Is there a reason this can't be unsigned?

critson marked 3 inline comments as done.Jun 4 2021, 6:43 PM
critson added inline comments.
llvm/lib/Target/AMDGPU/GCNSubtarget.h
139

The tablegen part needs to be int, but this can be unsigned.

critson updated this revision to Diff 350005.Jun 4 2021, 6:44 PM
critson marked an inline comment as done.
  • Address reviewer comments
critson updated this revision to Diff 353296.Jun 21 2021, 1:21 AM
  • Simplify based on MIMG support for v5/v6/v7
  • Update with gfx1013 target
foad added inline comments.Jun 21 2021, 1:38 AM
llvm/lib/Target/AMDGPU/AMDGPU.td
632–637

It seems a bit odd to define it like this gives the impression that the limit varies on different subtargets by design, which it doesn't really. The only reason to limit it to 5 is to "avoid stability issues" (i.e. work around hardware bugs). But I'm not sure what else to suggest.

llvm/lib/Target/AMDGPU/AMDGPULegalizerInfo.cpp
4156–4161

This part looks like a separate clean-up or latent bug fix?

4377

Don't need the cast

4415

Don't need the cast (that was the whole point of making it unsigned).

llvm/lib/Target/AMDGPU/SIISelLowering.cpp
6216

Don't need the cast.

critson updated this revision to Diff 353330.Jun 21 2021, 3:59 AM
critson marked 2 inline comments as done.
  • Remove casts
llvm/lib/Target/AMDGPU/AMDGPU.td
632–637

I agree it is a bit odd, but does provide us flexibility if we need to change the limit again for other hardware issues.

llvm/lib/Target/AMDGPU/AMDGPULegalizerInfo.cpp
4156–4161

It is a fix for a bug triggered by changes in this diff.
I can move it to another review, but I do not think I'll be able to build a test case for it.

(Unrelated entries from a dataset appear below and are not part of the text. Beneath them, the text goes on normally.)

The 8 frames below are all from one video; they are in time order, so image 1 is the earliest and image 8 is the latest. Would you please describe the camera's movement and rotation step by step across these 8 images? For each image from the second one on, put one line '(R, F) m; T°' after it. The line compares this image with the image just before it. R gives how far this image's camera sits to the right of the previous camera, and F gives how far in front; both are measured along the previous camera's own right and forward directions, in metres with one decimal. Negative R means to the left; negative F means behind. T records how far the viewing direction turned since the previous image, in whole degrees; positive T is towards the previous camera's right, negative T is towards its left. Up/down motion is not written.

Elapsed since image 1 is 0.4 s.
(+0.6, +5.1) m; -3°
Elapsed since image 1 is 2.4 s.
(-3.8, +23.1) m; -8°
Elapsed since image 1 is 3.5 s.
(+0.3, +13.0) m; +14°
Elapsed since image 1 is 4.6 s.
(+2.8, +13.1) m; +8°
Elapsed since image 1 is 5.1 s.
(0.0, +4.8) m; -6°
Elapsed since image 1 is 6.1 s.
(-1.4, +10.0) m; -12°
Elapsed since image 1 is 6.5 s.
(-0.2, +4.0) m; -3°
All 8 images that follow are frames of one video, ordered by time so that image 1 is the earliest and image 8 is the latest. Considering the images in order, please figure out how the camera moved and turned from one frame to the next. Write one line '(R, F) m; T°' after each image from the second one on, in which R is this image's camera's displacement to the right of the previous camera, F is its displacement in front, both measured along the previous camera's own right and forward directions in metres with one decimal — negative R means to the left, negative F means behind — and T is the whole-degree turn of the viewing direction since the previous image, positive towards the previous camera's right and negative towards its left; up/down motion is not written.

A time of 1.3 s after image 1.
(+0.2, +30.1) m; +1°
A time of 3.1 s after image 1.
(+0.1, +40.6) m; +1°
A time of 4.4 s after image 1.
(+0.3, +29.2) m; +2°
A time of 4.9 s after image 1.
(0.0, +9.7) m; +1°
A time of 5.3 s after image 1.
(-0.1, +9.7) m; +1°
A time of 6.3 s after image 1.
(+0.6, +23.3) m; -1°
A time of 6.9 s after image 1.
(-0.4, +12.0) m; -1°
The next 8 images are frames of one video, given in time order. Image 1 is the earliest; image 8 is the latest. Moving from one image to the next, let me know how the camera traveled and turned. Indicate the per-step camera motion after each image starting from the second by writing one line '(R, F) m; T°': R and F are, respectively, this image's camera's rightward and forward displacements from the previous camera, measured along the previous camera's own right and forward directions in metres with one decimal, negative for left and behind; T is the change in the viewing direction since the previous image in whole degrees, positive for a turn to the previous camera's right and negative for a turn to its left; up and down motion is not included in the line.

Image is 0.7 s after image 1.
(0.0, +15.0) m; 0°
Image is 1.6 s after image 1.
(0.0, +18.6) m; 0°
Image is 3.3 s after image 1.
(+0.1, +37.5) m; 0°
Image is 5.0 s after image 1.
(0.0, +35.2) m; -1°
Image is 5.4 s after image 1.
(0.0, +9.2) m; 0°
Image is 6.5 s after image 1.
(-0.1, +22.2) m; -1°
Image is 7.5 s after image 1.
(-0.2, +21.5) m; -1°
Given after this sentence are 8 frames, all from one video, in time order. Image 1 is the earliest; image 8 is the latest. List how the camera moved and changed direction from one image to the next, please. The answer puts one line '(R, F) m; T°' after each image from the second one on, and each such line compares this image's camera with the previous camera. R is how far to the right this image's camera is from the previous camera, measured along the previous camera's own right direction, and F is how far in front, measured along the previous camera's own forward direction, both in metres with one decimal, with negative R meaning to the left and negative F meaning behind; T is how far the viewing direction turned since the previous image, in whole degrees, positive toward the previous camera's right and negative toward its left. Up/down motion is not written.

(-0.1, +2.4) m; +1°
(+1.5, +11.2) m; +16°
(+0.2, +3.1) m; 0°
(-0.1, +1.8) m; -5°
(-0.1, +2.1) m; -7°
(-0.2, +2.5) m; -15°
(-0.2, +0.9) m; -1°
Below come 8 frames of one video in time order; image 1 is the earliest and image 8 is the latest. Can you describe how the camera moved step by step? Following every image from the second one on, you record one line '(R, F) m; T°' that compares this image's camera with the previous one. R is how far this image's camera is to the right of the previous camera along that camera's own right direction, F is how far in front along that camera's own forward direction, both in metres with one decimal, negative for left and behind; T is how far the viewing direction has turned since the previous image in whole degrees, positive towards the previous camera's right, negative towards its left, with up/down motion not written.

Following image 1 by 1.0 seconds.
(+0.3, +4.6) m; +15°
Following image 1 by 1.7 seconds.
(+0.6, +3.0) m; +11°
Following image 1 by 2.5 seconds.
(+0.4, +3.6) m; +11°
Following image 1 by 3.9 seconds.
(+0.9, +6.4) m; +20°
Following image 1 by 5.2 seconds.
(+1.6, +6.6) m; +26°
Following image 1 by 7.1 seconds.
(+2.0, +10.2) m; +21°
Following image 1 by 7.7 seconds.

foad accepted this revision.Jun 21 2021, 5:23 AM
foad added inline comments.
llvm/lib/Target/AMDGPU/AMDGPU.td
632–637

Fair enough

llvm/lib/Target/AMDGPU/AMDGPULegalizerInfo.cpp
4156–4161

Fair enough

This revision is now accepted and ready to land.Jun 21 2021, 5:23 AM
This revision was automatically updated to reflect the committed changes.